A reflection written in August 2018.
This week I prayed as I went grocery shopping. I do this every time I go out shopping. I have a desire to make sure that I do not exclude God from the mundane aspects of life. Yet I struggle to grasp an appropriate theology of work and of how the boring aspects of life have meaning. But today as I went out I had a thought that makes some sense to me. I hope it also makes sense to you.
Life is not made significant by the leisure hours we have but by all of the hours we have. I know that most people work for money and many live for the weekends when they don’t have to go to work. I don’t really like grocery shopping and prefer to do something more interesting. But grocery shopping and employment are not unimportant parts of life. The meaning of life does not reside only in the interesting bits or the fun bits of life. The mundane and boring bits are important and meaningful. Why is this so?
Human beings were created to be like God. What does that mean in this context? In the beginning Adam was given charge of the Garden of Eden and told to serve it (work it) and to guard it (Gen 2:15). The life of Adam was intended to be devoted to service, not to leisure and avoidance of work. At the same time, God instituted the Sabbath so that people would not work all the time, but would rather take time to rest and be refreshed and to enjoy the holiness of the day and their lives lived in the presence God (Gen 2:2-3).
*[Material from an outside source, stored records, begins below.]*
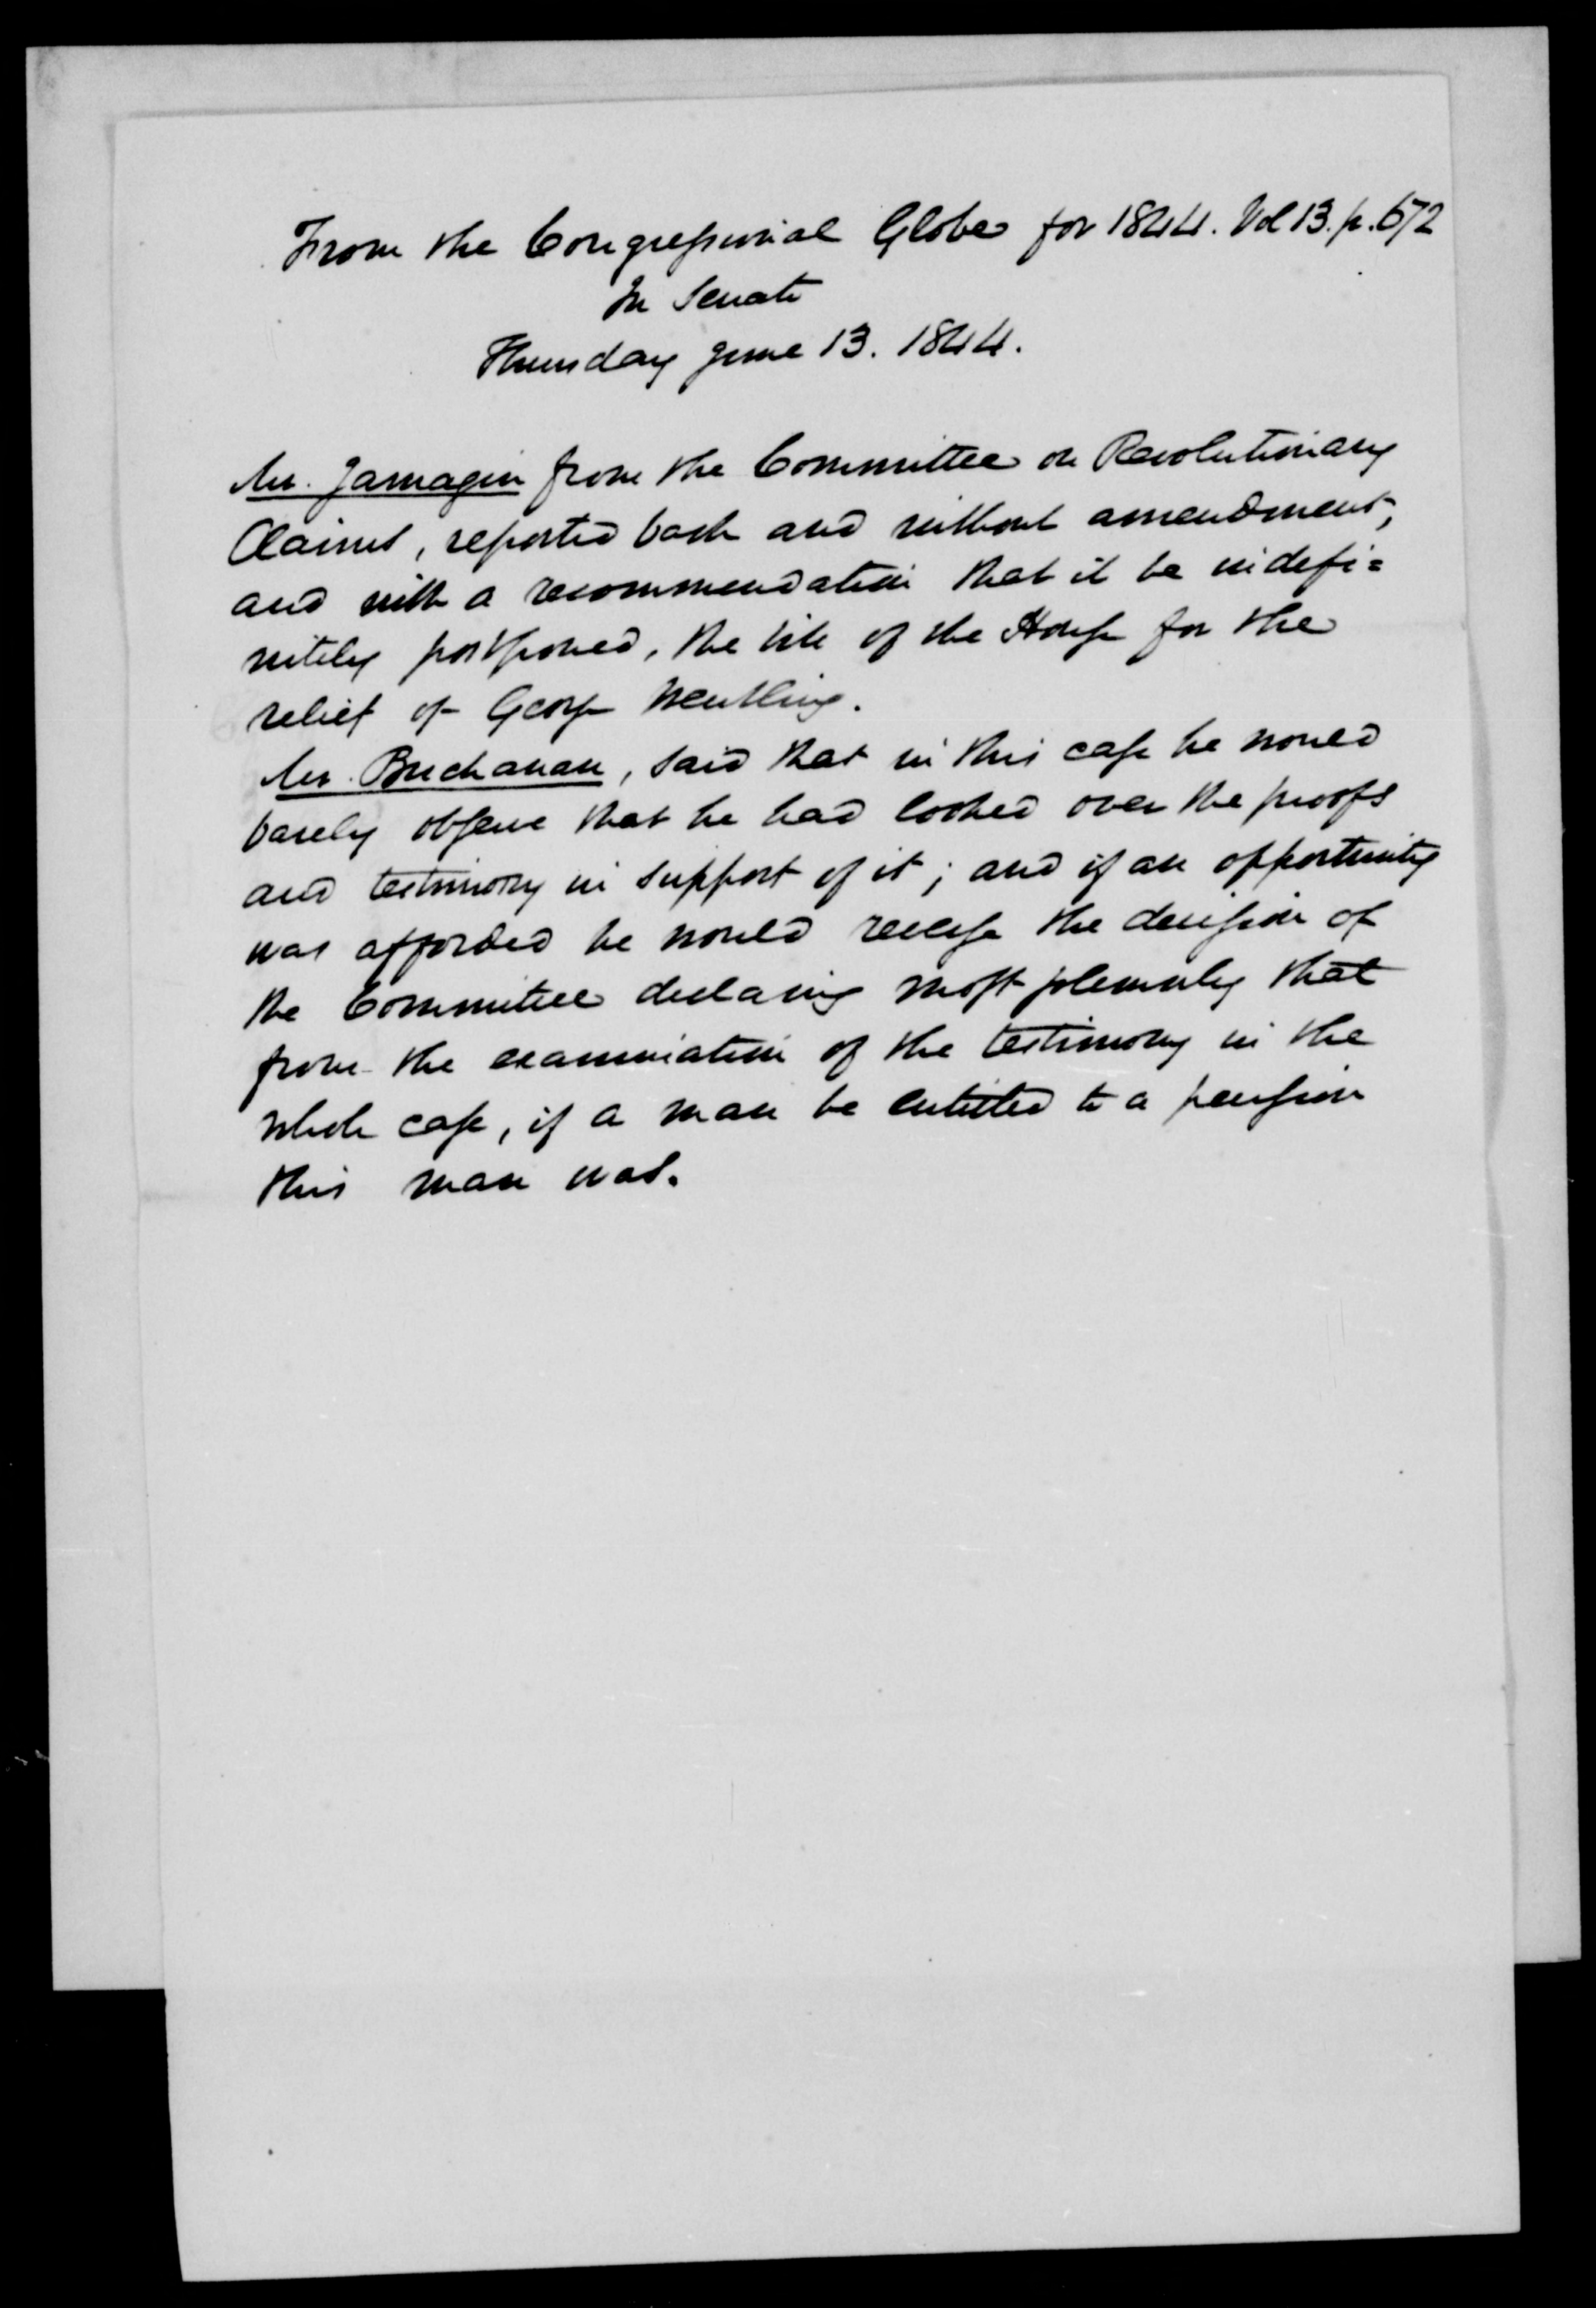From the Congressional Globe for 1844. Vol. 13.p.672
In Senate
Thursday June 13. 1844.

Mr. Jarnagin from the Committee on Revolutionary Claims, reported back and without amendment, and with a recommendation that it be indefinitely postponed, the tile [trial] of the House for the relief of George Wentley.
Mr. Buchanan, said that in this case he would barely observe that he had looked over the proofs and testimony in support of it; and if an opportunity was afforded he would reverse the decision of the committee declaring most plainly that from the examination of the testimony in the whole case, if a man be entitled to a pension this man was.

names: Buchanan, Jamasin, George Wentling
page: 37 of 68
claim: survivor's
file: S. 6,358, George Wentling, Penn.
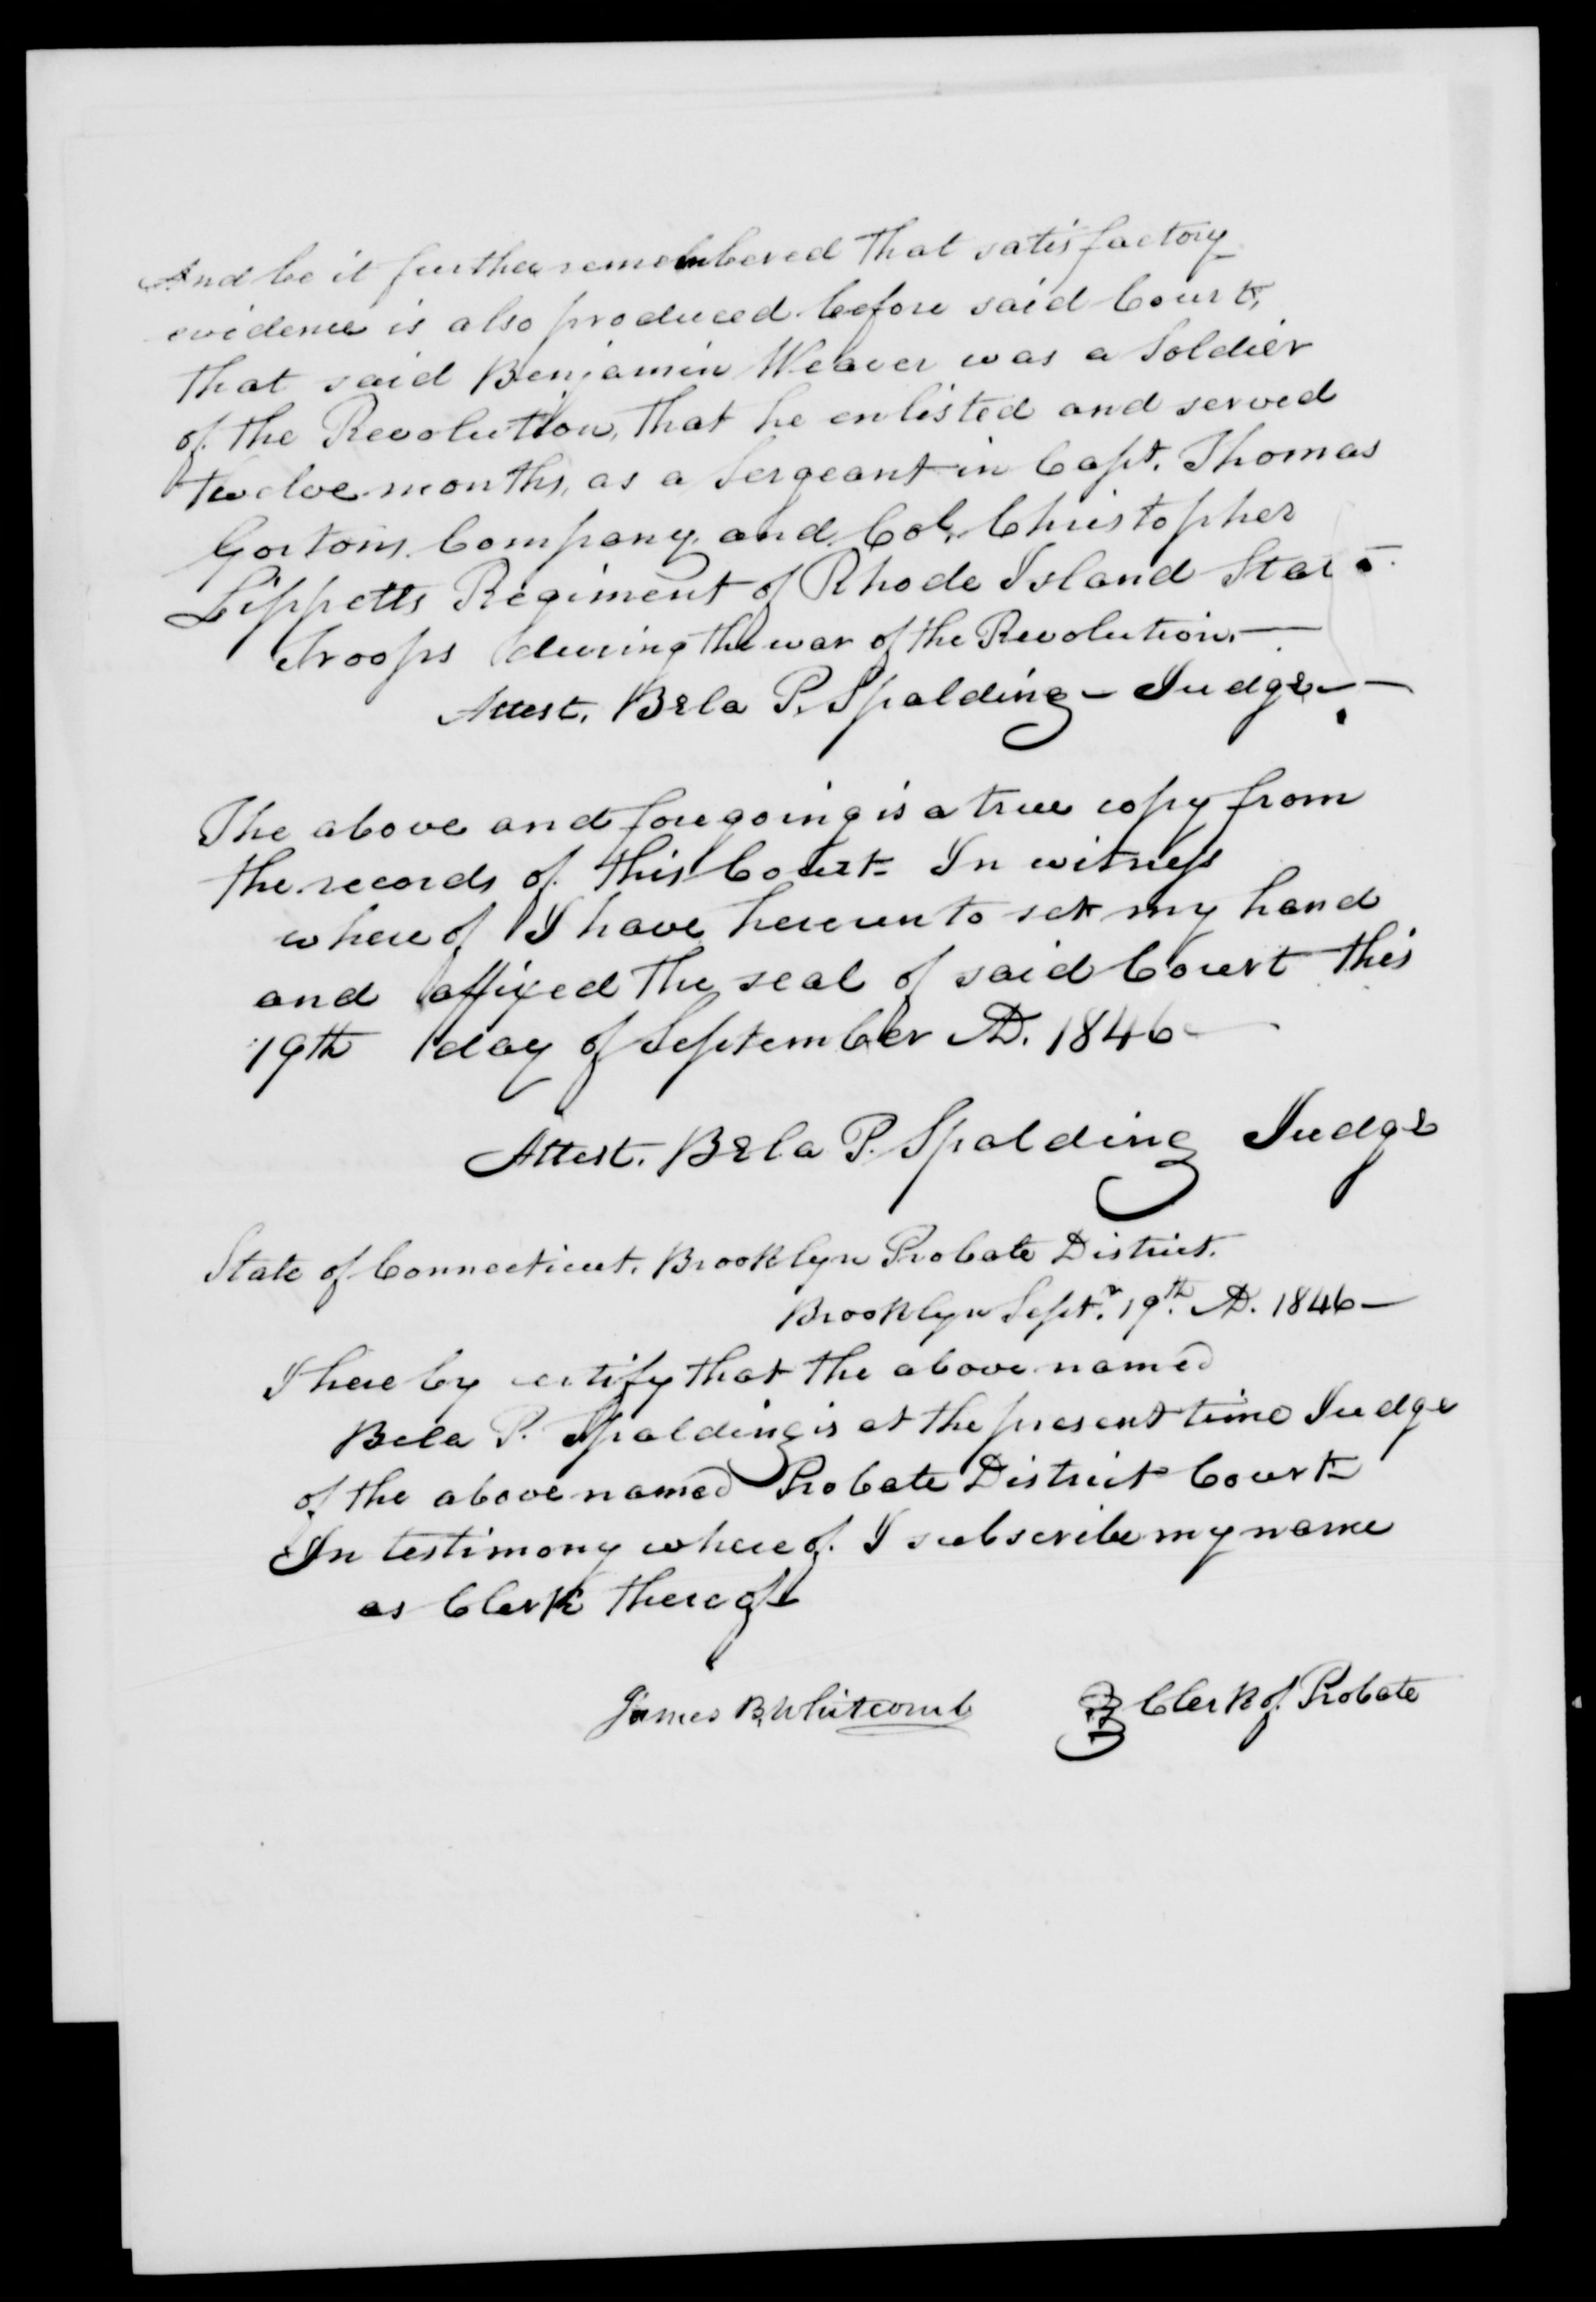And be it further remembered that satisfactory evidence is also produced before said Court that said Benjamin Weaver was a Soldier of the Revolution, that he enlisted and served twelve months as a Sergeant in Capt. Thomas Gordon’s Company and Col. Christoper Leppetts Regiment of Rhode Island State Troops during the war of the Revolution—
Attest. Bela P. Spalding Judge

The above and foregoing is a true copy from the records of this Court. In witness where of I have hereunto set my hand and affixed the seal of said Court this 19th day of September A.D. 1846~~

Attest. Bela P. Spalding Judge

State of Connecticut, Brooklyn Probate District
Brooklyn Sept 19th A.D. 1846.
Thereby certify that the above named 
Bela P. Spalding is at the present time Judge of the above named Probate District Court
In testimony where of I subscribe my name as Clerk there of-

James B. Whitcomb  Clerk of Probate

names: James B Whitcomb, Bela P Spalding, Benjamin Weaver
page: 14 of 53
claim: widow's
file: W 17707, Benjamin Weaver, R.I.

So life is meant to be about service, service of the world and of others. When I go grocery shopping I am serving my family. Since the household is my responsibility, I am the one who attends to the mundane things like shopping, cooking and cleaning. These are often boring but never meaningless. The service of others makes work meaningful. Whatever the job, be it paid employment or unpaid tasks, they are made meaningful by service. The jobs that are ultimately non-meaningful are those whose sole purpose is to extract money or to maintain power over others. Things like drug dealing and people trafficking are not meaningful since they do not serve others but rather enslave people. They provide certain people with a lot of money and often power but do not give to others. On the other hand, even lowly and poorly paid jobs can be of service to others. It is in serving someone else or serving the lesser creation that humans can be said to be pursuing meaningful lives.
But work itself cannot be the meaning of life. Work is not able to complete us. We must surrender our work and our leisure time to God, who is the giver of all good things including meaningful work. The Sabbath is one way of doing this. When we give up our work and surrender ourselves and our quest for meaning and purpose and live before God, then our lives can become complete and purposeful. Our service to God is not just activity but also inactivity. It is not frantic but peaceful. The Sabbath allows us time to rest, to recover, to be renewed and to worship God in a different way from the day to day worship that is our work offered to him.